Task statement –
Wherever the string "outcrop" occurs in a line of these records, report that line.
(Task input begins)
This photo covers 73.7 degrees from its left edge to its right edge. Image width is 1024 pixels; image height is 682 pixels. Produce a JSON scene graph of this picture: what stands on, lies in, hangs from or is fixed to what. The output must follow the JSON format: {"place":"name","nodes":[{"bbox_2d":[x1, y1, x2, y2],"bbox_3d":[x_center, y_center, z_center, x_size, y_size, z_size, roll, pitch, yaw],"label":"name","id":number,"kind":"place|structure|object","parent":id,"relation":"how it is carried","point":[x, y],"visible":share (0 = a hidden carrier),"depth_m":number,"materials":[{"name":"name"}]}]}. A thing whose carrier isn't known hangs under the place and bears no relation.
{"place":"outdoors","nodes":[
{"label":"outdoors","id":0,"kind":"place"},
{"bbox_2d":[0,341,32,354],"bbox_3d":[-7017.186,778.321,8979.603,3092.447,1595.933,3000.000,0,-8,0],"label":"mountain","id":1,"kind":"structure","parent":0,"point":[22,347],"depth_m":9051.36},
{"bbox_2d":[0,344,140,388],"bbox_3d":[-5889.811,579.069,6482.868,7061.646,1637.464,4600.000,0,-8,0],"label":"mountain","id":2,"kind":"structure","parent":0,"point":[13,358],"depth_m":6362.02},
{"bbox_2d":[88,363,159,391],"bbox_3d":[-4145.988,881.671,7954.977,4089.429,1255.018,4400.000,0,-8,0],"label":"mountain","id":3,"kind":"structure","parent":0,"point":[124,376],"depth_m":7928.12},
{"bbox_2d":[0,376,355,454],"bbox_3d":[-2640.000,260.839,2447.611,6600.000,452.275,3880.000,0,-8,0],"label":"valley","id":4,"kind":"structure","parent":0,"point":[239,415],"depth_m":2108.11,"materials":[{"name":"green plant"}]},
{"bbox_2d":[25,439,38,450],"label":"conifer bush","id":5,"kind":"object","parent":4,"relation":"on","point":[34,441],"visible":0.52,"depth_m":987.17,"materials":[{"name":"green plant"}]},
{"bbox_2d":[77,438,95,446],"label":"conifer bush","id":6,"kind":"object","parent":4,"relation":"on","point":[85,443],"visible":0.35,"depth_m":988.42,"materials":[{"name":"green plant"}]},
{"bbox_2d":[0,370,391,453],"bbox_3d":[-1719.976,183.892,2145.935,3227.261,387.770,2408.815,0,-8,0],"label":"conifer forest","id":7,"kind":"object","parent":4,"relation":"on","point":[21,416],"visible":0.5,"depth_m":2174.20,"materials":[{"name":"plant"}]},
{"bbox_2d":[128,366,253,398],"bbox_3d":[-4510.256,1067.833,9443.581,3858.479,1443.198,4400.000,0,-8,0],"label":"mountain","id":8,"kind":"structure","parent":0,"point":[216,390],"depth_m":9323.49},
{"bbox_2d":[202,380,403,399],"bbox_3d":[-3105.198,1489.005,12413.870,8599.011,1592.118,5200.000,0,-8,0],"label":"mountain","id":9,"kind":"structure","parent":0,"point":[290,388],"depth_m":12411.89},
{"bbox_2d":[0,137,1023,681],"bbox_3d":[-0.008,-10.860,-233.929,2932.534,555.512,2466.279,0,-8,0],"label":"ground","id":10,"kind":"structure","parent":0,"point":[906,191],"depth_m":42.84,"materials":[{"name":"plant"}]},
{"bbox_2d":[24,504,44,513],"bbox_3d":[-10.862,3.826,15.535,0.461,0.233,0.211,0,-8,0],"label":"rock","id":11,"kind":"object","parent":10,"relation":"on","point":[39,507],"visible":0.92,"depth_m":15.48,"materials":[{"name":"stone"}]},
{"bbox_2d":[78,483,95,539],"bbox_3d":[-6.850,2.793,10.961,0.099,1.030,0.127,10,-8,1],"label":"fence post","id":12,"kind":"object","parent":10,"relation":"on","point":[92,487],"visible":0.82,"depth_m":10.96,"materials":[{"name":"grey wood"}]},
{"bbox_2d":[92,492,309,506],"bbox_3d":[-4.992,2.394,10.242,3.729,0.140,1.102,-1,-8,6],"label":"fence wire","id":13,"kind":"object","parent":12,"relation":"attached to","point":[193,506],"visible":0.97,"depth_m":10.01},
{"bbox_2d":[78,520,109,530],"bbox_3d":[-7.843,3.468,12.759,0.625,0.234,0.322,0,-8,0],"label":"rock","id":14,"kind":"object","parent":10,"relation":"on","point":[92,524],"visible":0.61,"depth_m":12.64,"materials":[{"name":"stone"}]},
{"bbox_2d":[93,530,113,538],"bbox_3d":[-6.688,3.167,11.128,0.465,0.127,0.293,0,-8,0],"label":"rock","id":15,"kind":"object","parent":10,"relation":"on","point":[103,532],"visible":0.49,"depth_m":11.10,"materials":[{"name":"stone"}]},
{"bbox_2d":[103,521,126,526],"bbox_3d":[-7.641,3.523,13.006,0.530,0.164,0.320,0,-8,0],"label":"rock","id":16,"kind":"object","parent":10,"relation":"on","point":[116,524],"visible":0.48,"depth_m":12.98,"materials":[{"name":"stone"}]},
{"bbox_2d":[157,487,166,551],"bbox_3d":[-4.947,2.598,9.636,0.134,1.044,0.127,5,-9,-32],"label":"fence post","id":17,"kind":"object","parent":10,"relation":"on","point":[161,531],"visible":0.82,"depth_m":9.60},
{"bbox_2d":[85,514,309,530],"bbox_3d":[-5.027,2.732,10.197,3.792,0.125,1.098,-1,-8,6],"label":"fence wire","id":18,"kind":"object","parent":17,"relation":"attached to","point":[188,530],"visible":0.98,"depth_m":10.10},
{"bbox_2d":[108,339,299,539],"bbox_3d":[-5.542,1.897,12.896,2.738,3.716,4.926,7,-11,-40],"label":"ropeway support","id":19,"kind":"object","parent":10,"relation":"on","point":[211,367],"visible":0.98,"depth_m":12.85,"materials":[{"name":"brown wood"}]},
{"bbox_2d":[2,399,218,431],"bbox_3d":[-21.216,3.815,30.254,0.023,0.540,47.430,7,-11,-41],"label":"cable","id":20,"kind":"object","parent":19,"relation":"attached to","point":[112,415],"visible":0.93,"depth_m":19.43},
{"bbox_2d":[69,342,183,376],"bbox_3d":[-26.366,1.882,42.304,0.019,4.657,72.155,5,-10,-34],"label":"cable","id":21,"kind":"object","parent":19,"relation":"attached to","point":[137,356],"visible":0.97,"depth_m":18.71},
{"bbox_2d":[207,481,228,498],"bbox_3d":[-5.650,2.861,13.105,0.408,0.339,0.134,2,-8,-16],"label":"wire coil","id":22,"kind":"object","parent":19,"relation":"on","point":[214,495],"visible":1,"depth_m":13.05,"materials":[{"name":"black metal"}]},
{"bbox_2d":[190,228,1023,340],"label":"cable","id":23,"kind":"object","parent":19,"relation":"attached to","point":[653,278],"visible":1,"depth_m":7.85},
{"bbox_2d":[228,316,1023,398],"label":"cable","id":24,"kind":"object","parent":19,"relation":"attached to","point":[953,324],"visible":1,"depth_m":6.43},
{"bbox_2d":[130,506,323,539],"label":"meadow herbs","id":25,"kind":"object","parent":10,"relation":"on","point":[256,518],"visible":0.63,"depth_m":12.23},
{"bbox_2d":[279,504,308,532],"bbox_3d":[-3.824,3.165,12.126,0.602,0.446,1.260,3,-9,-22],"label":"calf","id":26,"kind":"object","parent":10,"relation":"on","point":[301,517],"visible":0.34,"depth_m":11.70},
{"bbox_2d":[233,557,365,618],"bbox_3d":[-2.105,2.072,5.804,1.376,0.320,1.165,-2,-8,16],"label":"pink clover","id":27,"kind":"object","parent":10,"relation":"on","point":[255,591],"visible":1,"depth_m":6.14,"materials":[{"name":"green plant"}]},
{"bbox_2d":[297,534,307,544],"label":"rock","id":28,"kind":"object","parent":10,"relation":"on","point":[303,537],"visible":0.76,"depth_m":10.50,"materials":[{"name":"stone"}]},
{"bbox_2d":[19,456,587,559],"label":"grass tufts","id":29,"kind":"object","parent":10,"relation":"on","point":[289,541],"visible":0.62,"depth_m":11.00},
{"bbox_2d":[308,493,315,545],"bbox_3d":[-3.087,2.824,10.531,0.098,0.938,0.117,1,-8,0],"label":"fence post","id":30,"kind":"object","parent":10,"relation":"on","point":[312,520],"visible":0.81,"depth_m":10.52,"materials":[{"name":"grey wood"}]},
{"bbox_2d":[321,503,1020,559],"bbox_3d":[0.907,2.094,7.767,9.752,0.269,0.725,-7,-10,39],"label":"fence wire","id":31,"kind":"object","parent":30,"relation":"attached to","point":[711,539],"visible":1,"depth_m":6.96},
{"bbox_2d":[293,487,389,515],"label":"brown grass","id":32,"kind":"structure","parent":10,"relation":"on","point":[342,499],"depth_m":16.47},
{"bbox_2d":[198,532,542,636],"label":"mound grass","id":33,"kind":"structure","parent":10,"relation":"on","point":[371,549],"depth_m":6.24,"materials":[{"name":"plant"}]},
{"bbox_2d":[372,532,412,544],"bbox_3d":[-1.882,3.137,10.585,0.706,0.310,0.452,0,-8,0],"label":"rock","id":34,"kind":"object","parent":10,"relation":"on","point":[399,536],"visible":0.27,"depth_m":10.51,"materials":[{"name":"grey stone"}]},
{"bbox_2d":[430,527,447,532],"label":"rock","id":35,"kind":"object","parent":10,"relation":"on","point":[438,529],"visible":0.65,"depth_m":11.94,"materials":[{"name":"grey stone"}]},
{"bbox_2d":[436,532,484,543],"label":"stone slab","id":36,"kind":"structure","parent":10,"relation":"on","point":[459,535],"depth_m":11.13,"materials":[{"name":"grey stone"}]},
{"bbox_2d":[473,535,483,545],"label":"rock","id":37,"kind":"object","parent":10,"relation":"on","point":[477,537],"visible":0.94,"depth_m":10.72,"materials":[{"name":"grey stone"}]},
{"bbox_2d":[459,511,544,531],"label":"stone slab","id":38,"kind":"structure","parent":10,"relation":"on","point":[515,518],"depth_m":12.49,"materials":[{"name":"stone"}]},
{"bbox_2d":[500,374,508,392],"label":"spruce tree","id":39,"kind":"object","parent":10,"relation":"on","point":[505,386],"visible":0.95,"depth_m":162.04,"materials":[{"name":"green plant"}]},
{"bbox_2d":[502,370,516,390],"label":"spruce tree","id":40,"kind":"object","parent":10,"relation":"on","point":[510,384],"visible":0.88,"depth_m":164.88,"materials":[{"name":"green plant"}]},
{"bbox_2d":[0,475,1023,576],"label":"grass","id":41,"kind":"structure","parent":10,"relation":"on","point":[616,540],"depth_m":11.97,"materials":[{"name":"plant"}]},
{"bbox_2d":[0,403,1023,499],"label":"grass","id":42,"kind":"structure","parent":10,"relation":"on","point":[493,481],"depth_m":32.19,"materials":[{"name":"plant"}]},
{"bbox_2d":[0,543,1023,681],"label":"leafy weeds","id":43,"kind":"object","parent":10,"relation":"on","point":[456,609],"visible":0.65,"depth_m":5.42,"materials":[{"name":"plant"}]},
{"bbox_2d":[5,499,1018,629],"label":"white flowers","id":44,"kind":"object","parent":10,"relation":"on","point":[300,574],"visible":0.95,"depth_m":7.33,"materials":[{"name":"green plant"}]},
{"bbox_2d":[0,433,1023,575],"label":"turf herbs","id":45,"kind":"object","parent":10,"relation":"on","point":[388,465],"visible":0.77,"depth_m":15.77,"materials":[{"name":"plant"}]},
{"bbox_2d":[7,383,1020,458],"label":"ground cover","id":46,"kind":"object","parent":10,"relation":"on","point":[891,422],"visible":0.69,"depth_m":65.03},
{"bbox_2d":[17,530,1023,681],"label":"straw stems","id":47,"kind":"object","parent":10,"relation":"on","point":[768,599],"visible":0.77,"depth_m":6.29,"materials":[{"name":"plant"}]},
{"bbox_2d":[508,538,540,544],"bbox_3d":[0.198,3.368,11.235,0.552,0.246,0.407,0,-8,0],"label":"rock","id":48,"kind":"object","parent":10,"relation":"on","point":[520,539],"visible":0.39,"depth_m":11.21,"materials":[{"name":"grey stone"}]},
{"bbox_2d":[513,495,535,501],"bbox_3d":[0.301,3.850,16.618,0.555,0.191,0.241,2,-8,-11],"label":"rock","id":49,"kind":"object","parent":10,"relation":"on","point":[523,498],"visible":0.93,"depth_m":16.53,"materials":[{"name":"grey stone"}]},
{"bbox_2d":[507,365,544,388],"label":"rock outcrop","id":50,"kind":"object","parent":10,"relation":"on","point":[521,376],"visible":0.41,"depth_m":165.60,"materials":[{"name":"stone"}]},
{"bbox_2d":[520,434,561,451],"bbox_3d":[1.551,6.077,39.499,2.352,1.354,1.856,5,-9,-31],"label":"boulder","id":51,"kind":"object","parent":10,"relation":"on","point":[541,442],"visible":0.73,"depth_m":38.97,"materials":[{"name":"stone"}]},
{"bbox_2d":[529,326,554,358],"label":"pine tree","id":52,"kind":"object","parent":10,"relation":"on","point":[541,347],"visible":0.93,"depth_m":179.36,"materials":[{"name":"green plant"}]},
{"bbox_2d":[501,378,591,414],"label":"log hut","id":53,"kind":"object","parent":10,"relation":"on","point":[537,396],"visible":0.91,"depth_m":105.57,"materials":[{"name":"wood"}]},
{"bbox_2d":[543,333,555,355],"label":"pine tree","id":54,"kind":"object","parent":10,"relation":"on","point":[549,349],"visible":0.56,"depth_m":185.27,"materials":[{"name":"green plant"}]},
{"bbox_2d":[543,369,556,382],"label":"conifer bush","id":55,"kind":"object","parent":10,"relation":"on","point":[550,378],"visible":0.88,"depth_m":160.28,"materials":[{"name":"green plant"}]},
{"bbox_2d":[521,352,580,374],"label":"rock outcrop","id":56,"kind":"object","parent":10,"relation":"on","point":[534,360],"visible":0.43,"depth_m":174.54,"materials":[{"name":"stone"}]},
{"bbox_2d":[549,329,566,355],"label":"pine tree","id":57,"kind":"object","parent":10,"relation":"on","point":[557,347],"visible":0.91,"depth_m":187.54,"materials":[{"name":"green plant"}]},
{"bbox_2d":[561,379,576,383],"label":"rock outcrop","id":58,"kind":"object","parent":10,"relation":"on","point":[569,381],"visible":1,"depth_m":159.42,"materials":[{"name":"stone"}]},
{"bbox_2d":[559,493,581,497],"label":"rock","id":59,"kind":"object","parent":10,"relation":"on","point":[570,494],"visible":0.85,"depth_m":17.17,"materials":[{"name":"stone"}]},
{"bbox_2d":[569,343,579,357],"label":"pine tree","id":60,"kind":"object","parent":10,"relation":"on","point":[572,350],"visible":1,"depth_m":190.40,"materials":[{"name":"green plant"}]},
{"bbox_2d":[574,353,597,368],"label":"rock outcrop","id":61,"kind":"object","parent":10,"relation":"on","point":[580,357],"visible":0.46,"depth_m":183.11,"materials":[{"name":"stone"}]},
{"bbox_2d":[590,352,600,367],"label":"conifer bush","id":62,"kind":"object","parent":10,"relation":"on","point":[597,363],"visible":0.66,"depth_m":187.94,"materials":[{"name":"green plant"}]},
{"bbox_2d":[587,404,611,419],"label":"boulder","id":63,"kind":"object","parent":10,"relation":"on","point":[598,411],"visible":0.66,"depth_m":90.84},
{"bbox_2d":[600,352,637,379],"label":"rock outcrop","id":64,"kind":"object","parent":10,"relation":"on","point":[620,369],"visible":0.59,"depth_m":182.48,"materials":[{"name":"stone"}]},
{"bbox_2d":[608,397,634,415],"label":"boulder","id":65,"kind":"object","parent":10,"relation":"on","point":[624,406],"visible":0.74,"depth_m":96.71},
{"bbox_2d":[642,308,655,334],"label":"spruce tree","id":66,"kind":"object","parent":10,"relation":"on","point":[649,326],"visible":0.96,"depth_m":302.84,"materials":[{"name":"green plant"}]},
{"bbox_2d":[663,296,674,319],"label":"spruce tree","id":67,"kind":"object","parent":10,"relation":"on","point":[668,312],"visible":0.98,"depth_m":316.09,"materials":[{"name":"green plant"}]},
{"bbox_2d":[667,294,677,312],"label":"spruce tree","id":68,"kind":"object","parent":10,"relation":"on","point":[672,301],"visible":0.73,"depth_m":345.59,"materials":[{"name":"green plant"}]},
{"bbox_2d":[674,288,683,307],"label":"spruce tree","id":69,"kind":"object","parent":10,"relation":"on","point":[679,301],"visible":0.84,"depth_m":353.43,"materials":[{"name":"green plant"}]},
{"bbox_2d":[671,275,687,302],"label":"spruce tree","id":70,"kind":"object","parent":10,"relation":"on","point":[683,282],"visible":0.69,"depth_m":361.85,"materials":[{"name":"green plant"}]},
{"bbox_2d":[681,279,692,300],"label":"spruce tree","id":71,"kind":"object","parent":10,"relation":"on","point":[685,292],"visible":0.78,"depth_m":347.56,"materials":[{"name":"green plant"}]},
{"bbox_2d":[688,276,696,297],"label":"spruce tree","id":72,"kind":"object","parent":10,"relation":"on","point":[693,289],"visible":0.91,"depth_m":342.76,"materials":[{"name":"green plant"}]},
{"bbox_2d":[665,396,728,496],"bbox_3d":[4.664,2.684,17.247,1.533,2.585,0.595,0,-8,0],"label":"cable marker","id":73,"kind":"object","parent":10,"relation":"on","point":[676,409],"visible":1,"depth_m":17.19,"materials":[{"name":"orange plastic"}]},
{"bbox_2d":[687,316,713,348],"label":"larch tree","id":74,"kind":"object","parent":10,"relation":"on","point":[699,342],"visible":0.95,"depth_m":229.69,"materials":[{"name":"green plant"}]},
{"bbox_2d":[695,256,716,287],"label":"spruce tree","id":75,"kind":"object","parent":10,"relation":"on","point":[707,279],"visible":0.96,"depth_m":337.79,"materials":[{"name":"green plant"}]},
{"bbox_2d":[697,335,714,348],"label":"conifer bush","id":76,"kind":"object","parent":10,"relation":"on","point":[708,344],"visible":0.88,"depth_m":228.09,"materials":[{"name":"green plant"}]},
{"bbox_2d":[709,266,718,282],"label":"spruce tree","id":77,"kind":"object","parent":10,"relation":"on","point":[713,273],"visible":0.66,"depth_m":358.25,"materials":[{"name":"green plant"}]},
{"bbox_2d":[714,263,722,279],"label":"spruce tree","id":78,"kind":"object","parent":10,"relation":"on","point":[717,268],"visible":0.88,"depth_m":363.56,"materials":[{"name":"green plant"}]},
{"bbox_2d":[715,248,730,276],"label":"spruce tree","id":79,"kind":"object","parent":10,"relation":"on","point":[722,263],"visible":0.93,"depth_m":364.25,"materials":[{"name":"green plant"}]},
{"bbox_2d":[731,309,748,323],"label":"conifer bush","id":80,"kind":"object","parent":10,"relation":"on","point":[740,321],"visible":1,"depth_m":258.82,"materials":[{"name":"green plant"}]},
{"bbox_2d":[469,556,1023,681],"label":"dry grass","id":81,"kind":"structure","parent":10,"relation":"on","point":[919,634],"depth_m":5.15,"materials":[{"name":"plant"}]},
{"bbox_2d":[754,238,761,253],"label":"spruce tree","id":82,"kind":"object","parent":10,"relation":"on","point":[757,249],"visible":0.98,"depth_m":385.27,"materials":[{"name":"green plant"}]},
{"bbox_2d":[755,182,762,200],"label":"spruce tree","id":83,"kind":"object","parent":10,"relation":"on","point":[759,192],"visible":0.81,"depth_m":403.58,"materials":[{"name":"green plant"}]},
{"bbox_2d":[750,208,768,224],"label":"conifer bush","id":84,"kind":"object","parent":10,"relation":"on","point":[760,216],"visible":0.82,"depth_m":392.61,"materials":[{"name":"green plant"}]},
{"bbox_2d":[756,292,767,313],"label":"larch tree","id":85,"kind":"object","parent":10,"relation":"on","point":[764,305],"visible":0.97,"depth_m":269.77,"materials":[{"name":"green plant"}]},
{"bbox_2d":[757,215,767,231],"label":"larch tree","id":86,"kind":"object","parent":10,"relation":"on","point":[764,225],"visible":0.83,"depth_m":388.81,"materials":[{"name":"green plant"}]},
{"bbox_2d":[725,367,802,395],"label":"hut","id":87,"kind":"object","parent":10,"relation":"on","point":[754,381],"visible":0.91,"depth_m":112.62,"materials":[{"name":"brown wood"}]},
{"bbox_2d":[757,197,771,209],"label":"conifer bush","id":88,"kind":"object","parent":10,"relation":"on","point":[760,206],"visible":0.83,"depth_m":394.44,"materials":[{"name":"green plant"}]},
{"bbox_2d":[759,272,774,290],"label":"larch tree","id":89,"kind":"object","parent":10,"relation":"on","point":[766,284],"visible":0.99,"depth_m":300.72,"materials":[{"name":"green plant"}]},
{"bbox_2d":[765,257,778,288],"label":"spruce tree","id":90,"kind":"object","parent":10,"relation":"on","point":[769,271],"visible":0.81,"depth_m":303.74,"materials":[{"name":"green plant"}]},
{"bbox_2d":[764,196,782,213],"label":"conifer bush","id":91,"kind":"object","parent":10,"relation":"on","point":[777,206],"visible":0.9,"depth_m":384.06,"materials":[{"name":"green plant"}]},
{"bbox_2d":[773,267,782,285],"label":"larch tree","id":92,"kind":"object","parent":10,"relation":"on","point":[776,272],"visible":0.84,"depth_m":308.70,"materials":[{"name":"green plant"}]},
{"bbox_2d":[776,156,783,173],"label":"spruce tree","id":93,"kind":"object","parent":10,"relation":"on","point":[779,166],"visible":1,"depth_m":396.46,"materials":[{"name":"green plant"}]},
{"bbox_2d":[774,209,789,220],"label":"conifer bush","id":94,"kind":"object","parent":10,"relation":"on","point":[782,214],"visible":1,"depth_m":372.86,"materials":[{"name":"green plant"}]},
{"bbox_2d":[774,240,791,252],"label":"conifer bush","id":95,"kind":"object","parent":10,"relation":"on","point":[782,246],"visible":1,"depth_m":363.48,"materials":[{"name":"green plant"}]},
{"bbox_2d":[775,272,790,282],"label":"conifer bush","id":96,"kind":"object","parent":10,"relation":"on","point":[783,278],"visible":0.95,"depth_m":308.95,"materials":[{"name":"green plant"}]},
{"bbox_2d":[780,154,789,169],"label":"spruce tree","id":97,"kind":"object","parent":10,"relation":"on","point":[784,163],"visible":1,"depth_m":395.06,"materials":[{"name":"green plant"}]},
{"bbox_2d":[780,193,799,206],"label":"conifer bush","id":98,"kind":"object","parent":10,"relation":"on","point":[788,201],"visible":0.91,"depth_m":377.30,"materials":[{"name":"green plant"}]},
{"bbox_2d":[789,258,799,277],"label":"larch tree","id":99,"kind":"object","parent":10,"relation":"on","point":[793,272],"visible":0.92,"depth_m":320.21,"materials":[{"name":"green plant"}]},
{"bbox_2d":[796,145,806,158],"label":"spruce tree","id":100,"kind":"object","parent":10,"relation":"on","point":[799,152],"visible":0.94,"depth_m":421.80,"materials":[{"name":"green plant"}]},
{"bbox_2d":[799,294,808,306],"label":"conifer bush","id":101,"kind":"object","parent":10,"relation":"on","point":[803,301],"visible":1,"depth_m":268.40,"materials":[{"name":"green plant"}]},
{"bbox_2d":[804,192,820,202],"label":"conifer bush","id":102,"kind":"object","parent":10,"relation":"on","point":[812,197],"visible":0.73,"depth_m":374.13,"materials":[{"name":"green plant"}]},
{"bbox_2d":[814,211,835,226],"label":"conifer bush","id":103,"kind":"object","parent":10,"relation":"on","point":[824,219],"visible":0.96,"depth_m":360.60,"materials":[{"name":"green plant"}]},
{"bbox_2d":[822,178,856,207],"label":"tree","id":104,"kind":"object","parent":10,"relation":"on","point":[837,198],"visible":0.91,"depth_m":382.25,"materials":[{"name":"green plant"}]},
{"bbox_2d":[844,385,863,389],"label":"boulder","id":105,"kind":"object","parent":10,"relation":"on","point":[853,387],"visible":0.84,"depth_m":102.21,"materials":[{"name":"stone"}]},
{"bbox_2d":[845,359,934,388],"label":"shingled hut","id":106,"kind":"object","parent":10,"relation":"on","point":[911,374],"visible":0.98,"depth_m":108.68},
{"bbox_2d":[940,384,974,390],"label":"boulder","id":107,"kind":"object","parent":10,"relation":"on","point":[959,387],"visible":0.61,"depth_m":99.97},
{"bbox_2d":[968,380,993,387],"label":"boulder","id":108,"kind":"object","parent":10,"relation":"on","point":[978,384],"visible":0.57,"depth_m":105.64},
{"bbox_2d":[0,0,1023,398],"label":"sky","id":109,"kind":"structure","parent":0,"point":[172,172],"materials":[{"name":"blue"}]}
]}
(Task input ends)
Answer area –
{"bbox_2d":[507,365,544,388],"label":"rock outcrop","id":50,"kind":"object","parent":10,"relation":"on","point":[521,376],"visible":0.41,"depth_m":165.60,"materials":[{"name":"stone"}]},
{"bbox_2d":[521,352,580,374],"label":"rock outcrop","id":56,"kind":"object","parent":10,"relation":"on","point":[534,360],"visible":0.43,"depth_m":174.54,"materials":[{"name":"stone"}]},
{"bbox_2d":[561,379,576,383],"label":"rock outcrop","id":58,"kind":"object","parent":10,"relation":"on","point":[569,381],"visible":1,"depth_m":159.42,"materials":[{"name":"stone"}]},
{"bbox_2d":[574,353,597,368],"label":"rock outcrop","id":61,"kind":"object","parent":10,"relation":"on","point":[580,357],"visible":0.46,"depth_m":183.11,"materials":[{"name":"stone"}]},
{"bbox_2d":[600,352,637,379],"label":"rock outcrop","id":64,"kind":"object","parent":10,"relation":"on","point":[620,369],"visible":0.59,"depth_m":182.48,"materials":[{"name":"stone"}]},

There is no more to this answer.